The B-52D production ended in late 1957, the last 6 productions being accepted by the Air Force in November. Air Force accepted 101 B-52Ds from Seattle; 69 from Wichita. Only 1 B-52D was accepted in FY 56 (June 1956); 92 in FY 57 (between July 1956 and June 1957); and 77 in FY 58 (all in calendar year 1957). Cost per aircraft was: $6.58 million: Airframe, $4,654,494; engines (installed), $1,291,415; electronics, $68,613; ordnance, $17,928; armament (and others), $548,353.53. Another price decrease, almost $700,000 below the B-52C's cost.
In accordance with Secretary McNamara's mid-sixties decision to cut down the strategic bomber force by mid-1971, SAC inactivated 3 squadrons of B-52D and B-52E aircraft during the early part of 1967. This action, however, did not spell the immediate retirement of the aircraft that had been attached to the inactivated units. Badly needed elsewhere, the Big Belly B-52Ds were immediately used to bolster the resources of the B-52D wings committed to Southeast Asia. The B-52Ds actually outlived 2 subsequent B-52 models. In 1973, a partial retirement of the B-52D fleet was planned. Based on the age and condition of their airframe, 45 B-52Ds were earmarked for phaseout by September 1974.

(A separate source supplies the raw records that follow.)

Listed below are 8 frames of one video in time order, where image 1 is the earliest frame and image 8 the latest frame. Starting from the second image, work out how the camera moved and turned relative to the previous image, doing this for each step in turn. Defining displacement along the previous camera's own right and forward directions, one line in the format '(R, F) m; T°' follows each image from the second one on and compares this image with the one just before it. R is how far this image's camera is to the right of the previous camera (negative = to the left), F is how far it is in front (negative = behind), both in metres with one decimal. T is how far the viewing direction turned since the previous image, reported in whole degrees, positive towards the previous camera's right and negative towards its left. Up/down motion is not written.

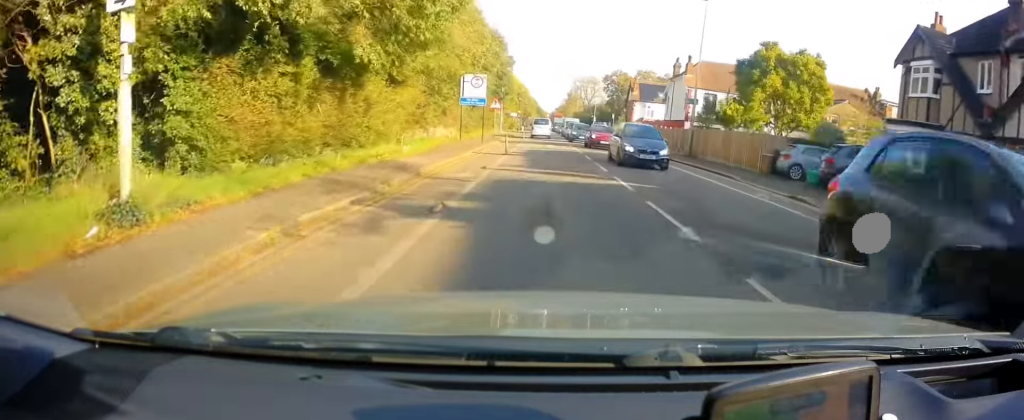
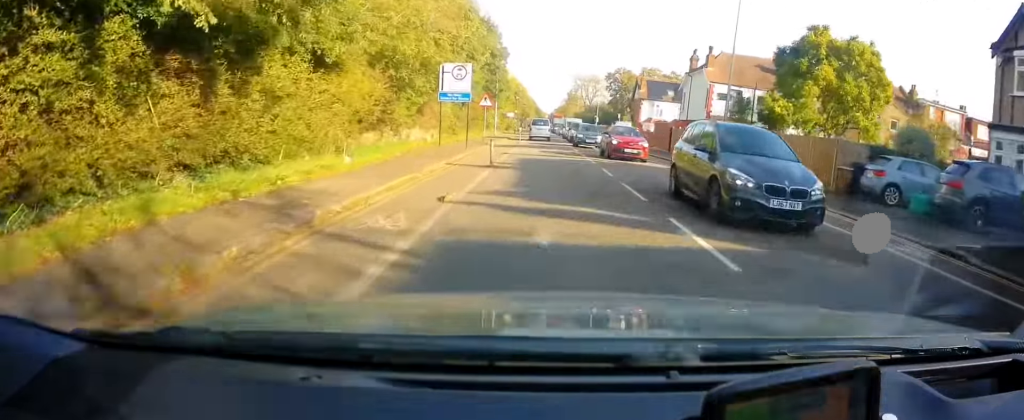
(0.0, +6.8) m; 0°
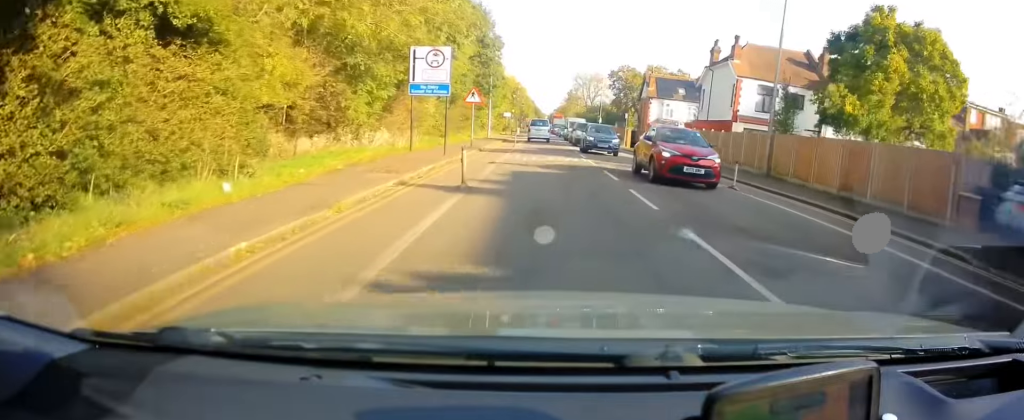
(+0.1, +6.2) m; 0°
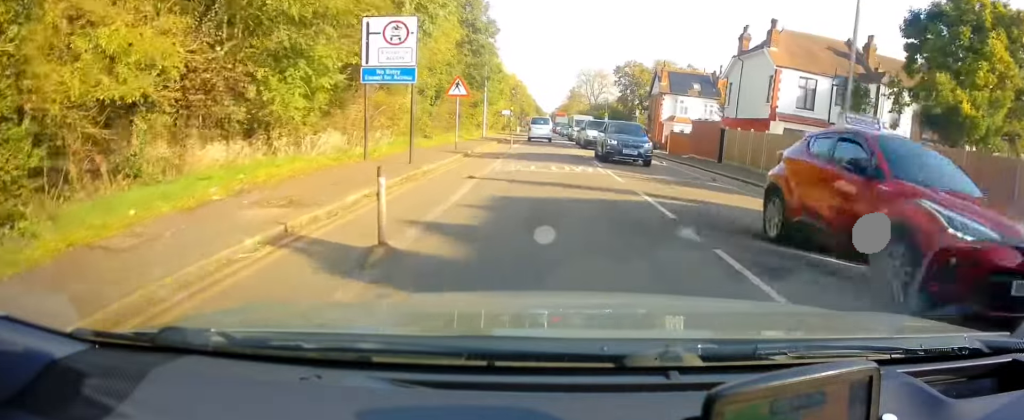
(-0.2, +6.0) m; 0°
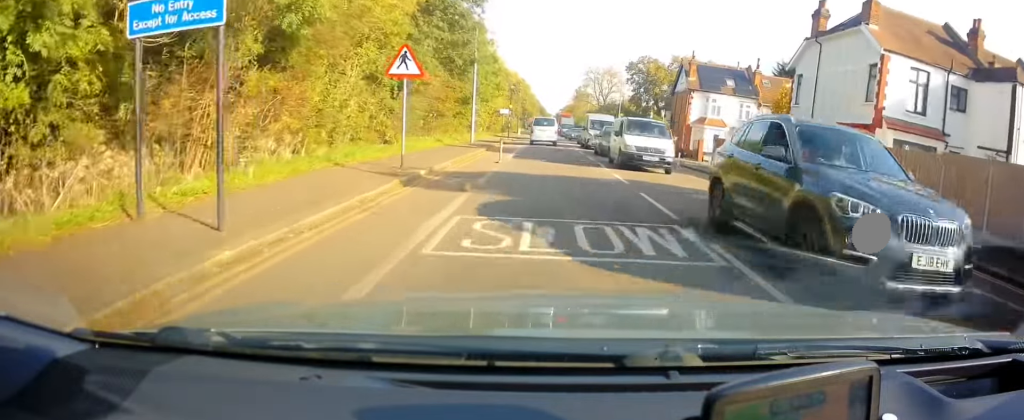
(-0.1, +10.3) m; -3°
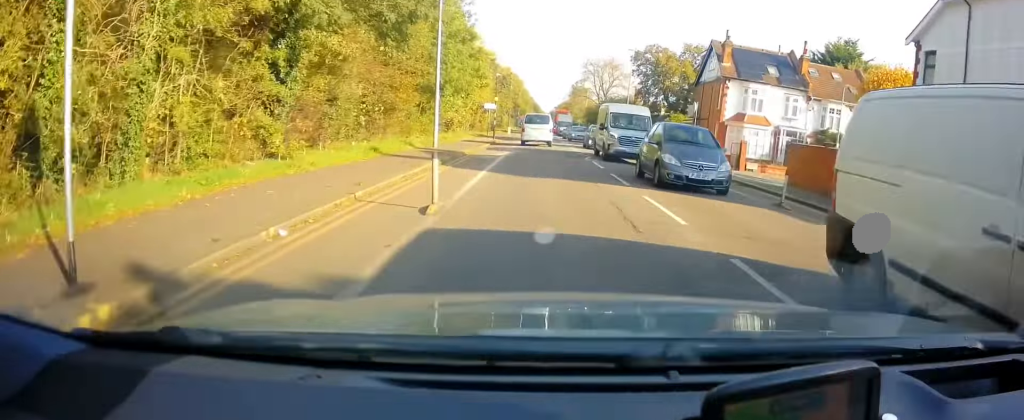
(+0.2, +11.7) m; +2°
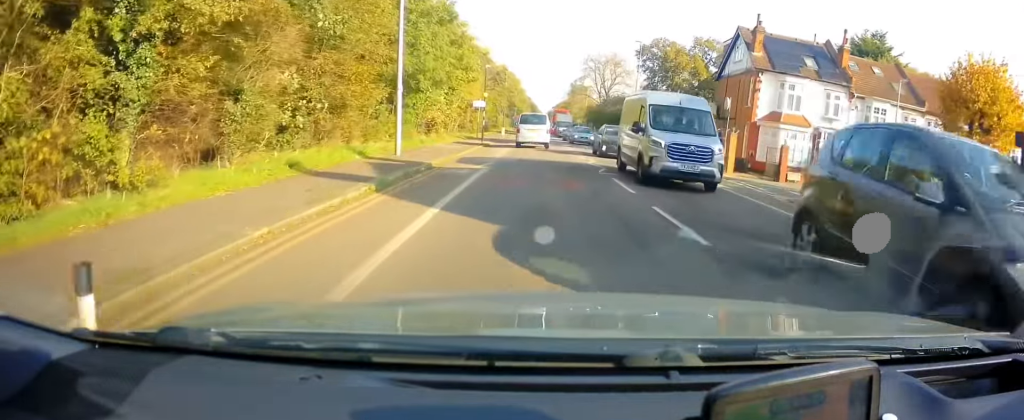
(-0.2, +6.9) m; -2°
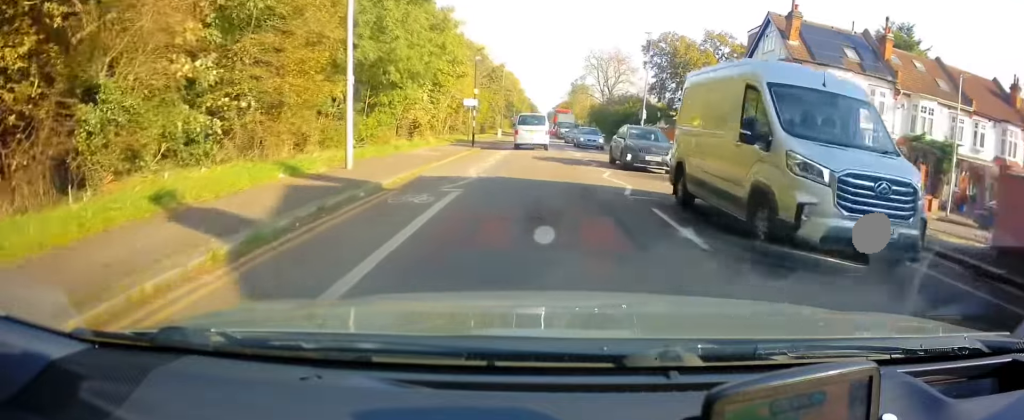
(-0.1, +5.4) m; +1°

In mid-1973, SAC forces still counted about 130 B-52Ds. Some of these aircraft were on their way out-45 by the fall of 1974 and a few others soon afterward. But 80 B-52Ds were expected to see unrestricted service into the 1980s. The Air Force was negotiating a contract with Boeing for the Wichita fabrication of kits and the reworking of wings that would be installed on the 80 B-52Ds, during the aircraft's regular depot maintenance. The cost of extending the B-52D's operational life seemed high, over $200 million for 80 planes, but the Air Force believed it had no alternative. As explained by Secretary of Defense Elliot L. Richardson to the Senate Armed Services Committee, without the hi-density B-52Ds, the Strategic Air Command's conventional bombing capability would be at the expense of its other missions. As approved by the Office of the Secretary of Defense on 30 November 1972, the modification, identified as engineering change proposal (ECP) 1581, promised to be extensive. It included redesign and replacement of the lower wing skin, to make it similar to the B-520 wing, and in the process Boeing was to use a more fatigue resistant alloy. The wing center panel was also to be redesigned and replaced. Finally, ECP 1581 called for new upper longerons and some new fuselage side skins. Also, the pressure bulkhead in the B-52D nose would be changed. Already delayed for lack of money, ECP 1581 had been programmed to take at least 2 years.
Two B-52Ds of the 28th Bomb Wing, Ellsworth AFB, South Dakota, established world speed records over 2 different routes. One B-52D flew at 560.705 miles per hour for 10,000 kilometers in a closed circuit without payloads; the other, at 597.675 miles per hour for 5,000 kilometers, also in a closed circuit without payloads.